- Born: Washington, DC
- Education: University of Virginia (BA) Johns Hopkins University (MA) Georgetown University (MA)
- Occupations: Journalist, chief correspondent
- Employer(s): The Wall Street Journal (2021–2025) The Atlantic (2025–present)
- Known for: War correspondence in Iraq and Afghanistan

Notes

= Nancy Youssef =

American journalist

Nancy A. Youssef is an American journalist known for her reporting on national security, with a focus on U.S. military operations and the Middle East. Until 2025, she was a national security correspondent for The Wall Street Journal, where she covered military affairs and the Arab world. Youssef has earned significant recognition for her coverage of conflicts in Iraq, Afghanistan, and the broader Arab world, and she has worked for several leading news outlets, including The Daily Beast, BuzzFeed News, and McClatchy Newspapers.

==Early life and education==
Born to Egyptian parents, Nancy Youssef is a first-generation American, raised in Washington, D.C. She is fluent in Arabic and has reported extensively from the Middle East. Youssef graduated with a Bachelor’s degree in Economics from the University of Virginia. She later pursued postgraduate studies at the Johns Hopkins University's School of Advanced International Studies. Youssef holds a Master’s degree in Security studies from Georgetown University’s Walsh School of Foreign Service, further deepening her expertise in global security and international relations.

==Journalism career==
Youssef began her journalism career at The Baltimore Sun, before moving to the Detroit Free Press, where she covered legal issues and international conflict. Her pivotal reporting on the Iraq War for Knight Ridder involved traveling across Jordan and Iraq, providing extensive on-the-ground coverage from the conflict's outset through the post-war period.

In 2005, Youssef joined McClatchy Newspapers as part of the Washington Bureau, where she would go on to serve as the chief of the Baghdad Bureau during the Iraq War. Her reporting focused on the impact of U.S. military strategy on the Iraqi people, addressing issues like civilian casualties and the broader social and political dynamics of Iraq.

Youssef’s role at McClatchy also included serving as chief Pentagon correspondent, covering U.S. military operations in both Iraq and Afghanistan. She was also president of the Pentagon Press Association. Additionally, Youssef worked as Middle East bureau chief at McClatchy and reported on significant events, including the 2011 Egyptian Revolution.
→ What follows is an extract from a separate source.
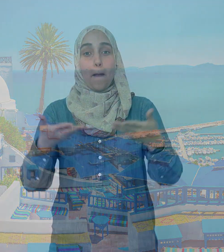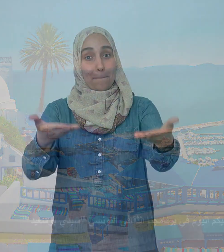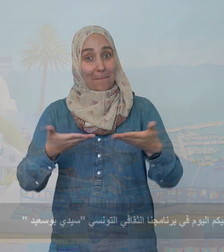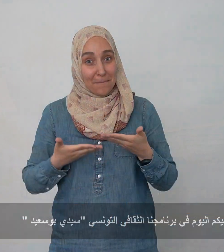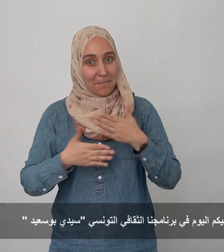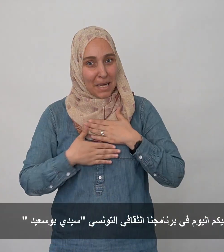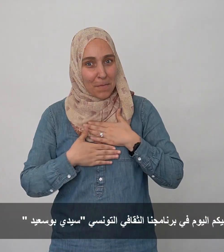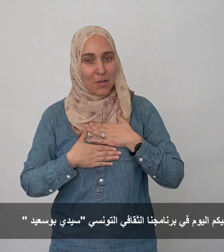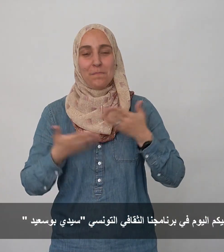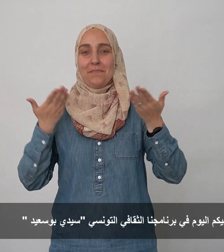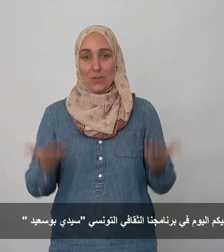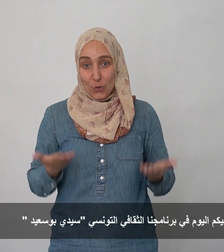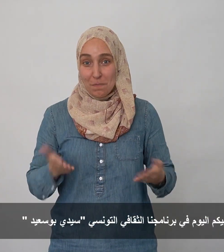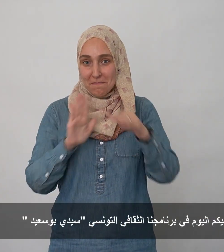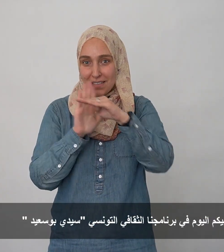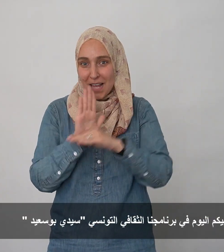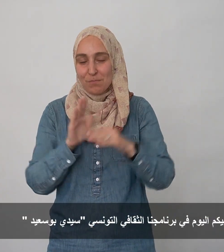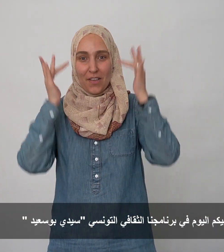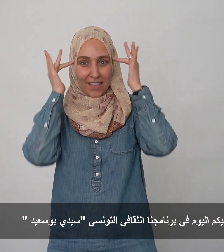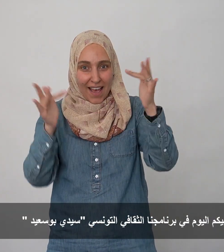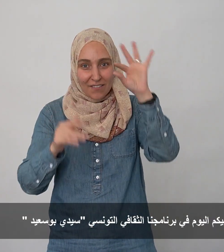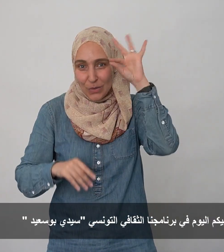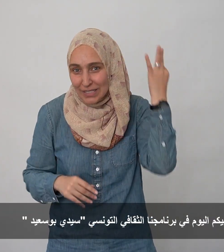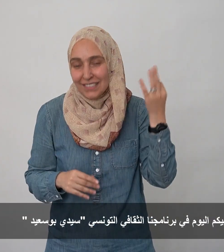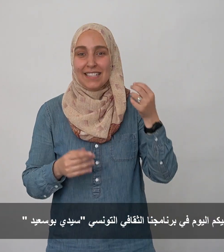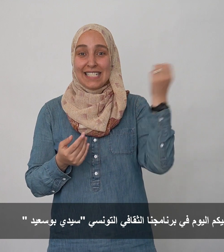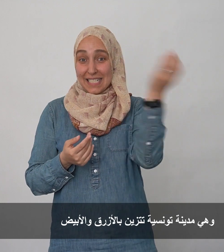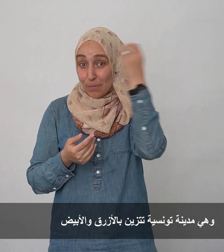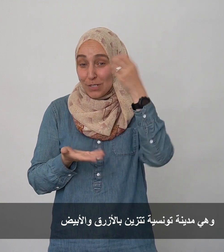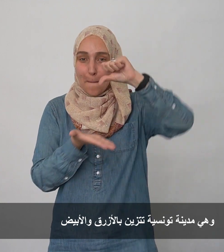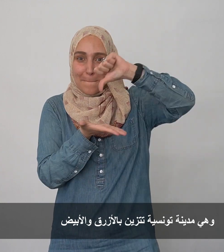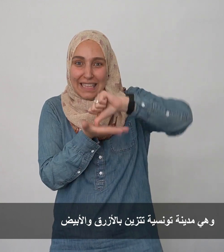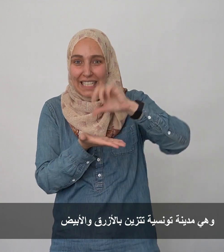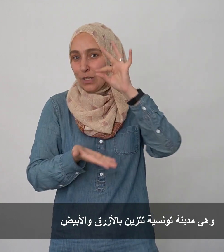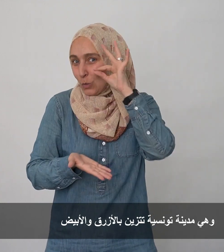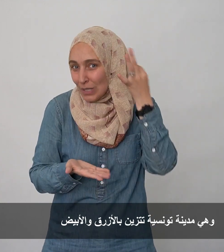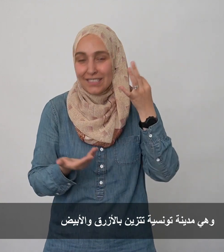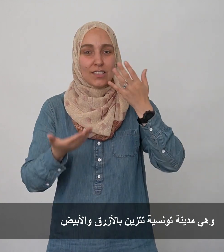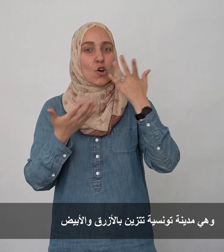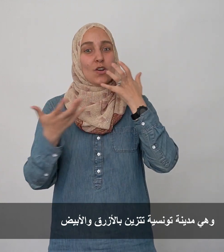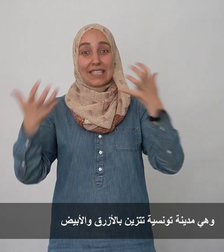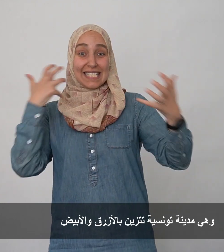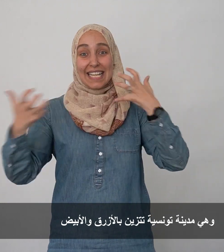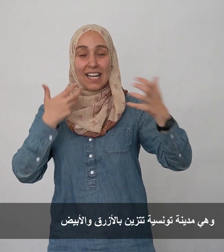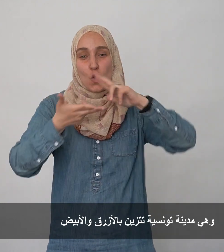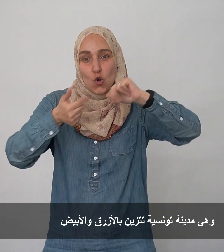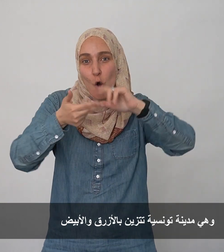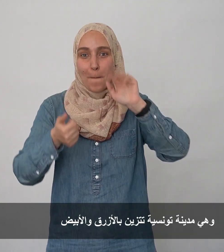مرحبا بكم اليوم في برنامجنا الثقافي التونسي سيدي بوسعيد وهي مدينة تونسية تتزين بالأزرق

In 2014, Youssef transitioned to The Daily Beast as senior defense and national security correspondent, later moving to BuzzFeed News in 2017, continuing her coverage of military affairs and global security. From 2021 to 2025, Youssef has been a national security correspondent for The Wall Street Journal, where she focuses on military operations and defense policy. On June 18, 2025, Youssef was hired by The Atlantic as a staff writer, effective July 7, 2025.

Throughout her career, Youssef’s work has earned her several accolades, including the John S. Knight Fellowship for Professional Journalists (2007–2008), the Alfred I. duPont-Columbia University Award for excellence in journalism (2010), and recognition from the University of Virginia and the Maryland-D.C. Delaware Press Association.

==The Chatter Podcast==
Youssef’s conversation with Shane Harris on the Lawfare Podcast highlights the risks faced by journalists working in conflict zones. She discussed the case of Evan Gershkovich, a colleague arrested in Russia on charges of espionage that have been denied by his family, employer, and the U.S. government. As someone who has seen fellow journalists taken prisoner amid conflict, Youssef shared her thoughts on the dangers journalists face, in war zones and from governments that see information as a weapon. Her work also includes covering the disappearance of Austin Tice, a journalist and friend of Youssef's, who went missing in Syria in 2012. Youssef’s advocacy underscores the risks that journalists face while reporting from volatile regions.